▶ What is required: In the listing below, every line with the word "filter" needs to be copied.

▶ Information given:
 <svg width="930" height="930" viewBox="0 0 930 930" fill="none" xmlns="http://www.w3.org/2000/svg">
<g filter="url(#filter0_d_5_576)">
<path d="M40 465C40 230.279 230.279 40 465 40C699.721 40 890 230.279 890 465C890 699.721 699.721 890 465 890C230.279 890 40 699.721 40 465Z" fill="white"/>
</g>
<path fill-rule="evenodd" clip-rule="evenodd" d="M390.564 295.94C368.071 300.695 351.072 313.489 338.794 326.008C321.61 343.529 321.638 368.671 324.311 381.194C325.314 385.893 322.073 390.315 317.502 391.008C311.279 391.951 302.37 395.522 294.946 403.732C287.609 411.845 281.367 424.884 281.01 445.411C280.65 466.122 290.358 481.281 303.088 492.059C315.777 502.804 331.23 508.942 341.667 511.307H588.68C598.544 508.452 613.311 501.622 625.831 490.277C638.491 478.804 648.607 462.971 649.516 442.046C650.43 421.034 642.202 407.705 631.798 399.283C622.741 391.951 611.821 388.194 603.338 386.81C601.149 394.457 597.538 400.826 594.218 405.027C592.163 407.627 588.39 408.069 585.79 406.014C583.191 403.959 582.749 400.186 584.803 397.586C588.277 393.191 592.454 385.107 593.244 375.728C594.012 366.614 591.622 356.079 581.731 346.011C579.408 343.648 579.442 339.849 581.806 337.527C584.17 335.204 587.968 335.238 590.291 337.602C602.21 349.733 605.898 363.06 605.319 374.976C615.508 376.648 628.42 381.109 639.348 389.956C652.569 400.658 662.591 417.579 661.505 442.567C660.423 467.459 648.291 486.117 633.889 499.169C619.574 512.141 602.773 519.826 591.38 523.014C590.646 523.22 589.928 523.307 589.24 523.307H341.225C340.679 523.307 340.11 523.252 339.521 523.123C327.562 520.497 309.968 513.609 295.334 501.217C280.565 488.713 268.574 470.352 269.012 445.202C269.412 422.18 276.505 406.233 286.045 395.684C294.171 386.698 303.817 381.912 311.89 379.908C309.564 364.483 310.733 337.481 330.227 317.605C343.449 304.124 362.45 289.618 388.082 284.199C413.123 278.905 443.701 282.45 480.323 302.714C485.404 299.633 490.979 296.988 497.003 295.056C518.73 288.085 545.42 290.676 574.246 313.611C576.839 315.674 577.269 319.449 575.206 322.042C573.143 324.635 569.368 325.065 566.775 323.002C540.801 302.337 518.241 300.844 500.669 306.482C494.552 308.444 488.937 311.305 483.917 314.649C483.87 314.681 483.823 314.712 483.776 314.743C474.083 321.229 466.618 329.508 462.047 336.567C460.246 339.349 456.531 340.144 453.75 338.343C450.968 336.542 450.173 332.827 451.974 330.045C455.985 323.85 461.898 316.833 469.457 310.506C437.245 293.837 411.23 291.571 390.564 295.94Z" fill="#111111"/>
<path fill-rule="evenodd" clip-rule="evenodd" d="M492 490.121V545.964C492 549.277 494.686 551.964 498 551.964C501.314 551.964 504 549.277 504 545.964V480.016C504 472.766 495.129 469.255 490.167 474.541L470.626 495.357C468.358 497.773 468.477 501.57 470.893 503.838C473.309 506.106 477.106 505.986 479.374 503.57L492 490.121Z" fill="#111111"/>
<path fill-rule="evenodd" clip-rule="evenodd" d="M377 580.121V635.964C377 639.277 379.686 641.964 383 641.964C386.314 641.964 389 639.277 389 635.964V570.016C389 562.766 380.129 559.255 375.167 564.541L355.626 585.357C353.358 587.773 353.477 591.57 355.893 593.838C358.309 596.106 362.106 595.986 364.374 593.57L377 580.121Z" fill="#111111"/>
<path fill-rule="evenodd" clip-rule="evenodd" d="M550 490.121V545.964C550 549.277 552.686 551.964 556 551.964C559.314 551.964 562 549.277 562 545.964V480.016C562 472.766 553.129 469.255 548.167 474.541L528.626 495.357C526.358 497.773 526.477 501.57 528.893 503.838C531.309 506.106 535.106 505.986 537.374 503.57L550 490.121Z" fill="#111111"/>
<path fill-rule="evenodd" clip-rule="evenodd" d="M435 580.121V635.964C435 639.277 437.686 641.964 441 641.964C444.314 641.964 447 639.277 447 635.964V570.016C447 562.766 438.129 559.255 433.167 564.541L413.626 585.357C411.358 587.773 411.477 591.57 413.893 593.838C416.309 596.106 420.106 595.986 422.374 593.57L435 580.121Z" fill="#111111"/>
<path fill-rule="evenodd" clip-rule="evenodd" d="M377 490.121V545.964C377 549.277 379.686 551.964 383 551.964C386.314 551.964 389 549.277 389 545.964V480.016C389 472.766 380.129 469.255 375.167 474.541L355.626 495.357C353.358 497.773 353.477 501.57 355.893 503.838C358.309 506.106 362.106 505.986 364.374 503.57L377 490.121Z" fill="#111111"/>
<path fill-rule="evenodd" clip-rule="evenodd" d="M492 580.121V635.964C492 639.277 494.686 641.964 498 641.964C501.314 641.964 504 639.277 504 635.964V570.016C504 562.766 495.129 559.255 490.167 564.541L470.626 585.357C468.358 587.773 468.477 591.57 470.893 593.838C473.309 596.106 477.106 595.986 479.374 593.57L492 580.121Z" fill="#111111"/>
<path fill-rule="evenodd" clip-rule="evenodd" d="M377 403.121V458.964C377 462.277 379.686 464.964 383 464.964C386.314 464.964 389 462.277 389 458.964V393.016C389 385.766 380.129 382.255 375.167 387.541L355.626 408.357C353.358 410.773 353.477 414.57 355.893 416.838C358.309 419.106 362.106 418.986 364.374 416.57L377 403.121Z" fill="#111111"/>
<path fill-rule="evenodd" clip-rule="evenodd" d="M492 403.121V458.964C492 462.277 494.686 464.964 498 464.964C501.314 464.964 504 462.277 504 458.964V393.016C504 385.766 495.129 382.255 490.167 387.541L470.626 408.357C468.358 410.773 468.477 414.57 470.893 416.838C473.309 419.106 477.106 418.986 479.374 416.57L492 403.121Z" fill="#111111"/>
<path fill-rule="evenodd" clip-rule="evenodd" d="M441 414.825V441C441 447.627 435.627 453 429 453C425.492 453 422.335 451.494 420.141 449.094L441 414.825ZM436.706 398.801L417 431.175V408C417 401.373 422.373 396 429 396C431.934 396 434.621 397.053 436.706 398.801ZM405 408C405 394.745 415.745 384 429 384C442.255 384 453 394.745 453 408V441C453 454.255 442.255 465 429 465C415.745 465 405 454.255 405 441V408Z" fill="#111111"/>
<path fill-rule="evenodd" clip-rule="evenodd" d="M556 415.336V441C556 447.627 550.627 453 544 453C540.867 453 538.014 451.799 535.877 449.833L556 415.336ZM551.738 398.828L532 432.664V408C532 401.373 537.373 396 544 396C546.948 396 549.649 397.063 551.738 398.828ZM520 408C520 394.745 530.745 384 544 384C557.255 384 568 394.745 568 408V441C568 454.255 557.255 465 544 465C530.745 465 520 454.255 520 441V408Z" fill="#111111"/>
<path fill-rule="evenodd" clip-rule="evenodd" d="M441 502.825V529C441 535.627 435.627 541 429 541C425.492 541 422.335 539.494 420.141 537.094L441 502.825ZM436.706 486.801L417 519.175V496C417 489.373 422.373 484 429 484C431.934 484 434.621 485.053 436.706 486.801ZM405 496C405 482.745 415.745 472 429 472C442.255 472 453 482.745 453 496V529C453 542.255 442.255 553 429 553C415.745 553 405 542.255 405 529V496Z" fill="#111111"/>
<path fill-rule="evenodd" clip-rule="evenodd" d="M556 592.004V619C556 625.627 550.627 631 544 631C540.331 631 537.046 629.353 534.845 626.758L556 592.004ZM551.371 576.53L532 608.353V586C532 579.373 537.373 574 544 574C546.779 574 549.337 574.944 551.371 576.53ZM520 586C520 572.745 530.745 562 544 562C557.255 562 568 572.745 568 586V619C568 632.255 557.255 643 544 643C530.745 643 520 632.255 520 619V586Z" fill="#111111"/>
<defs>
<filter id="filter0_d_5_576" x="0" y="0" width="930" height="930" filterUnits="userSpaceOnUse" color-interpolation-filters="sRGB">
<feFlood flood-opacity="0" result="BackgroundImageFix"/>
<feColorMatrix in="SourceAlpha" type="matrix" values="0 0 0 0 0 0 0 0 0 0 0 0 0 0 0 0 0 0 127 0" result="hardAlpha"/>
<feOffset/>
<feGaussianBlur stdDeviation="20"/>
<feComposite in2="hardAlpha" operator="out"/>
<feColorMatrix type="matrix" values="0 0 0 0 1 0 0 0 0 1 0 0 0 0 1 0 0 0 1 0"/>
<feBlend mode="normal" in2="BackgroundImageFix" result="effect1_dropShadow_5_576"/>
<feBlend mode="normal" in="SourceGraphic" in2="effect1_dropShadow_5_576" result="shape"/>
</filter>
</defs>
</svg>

▶ Completed exercise:
<g filter="url(#filter0_d_5_576)">
<filter id="filter0_d_5_576" x="0" y="0" width="930" height="930" filterUnits="userSpaceOnUse" color-interpolation-filters="sRGB">
</filter>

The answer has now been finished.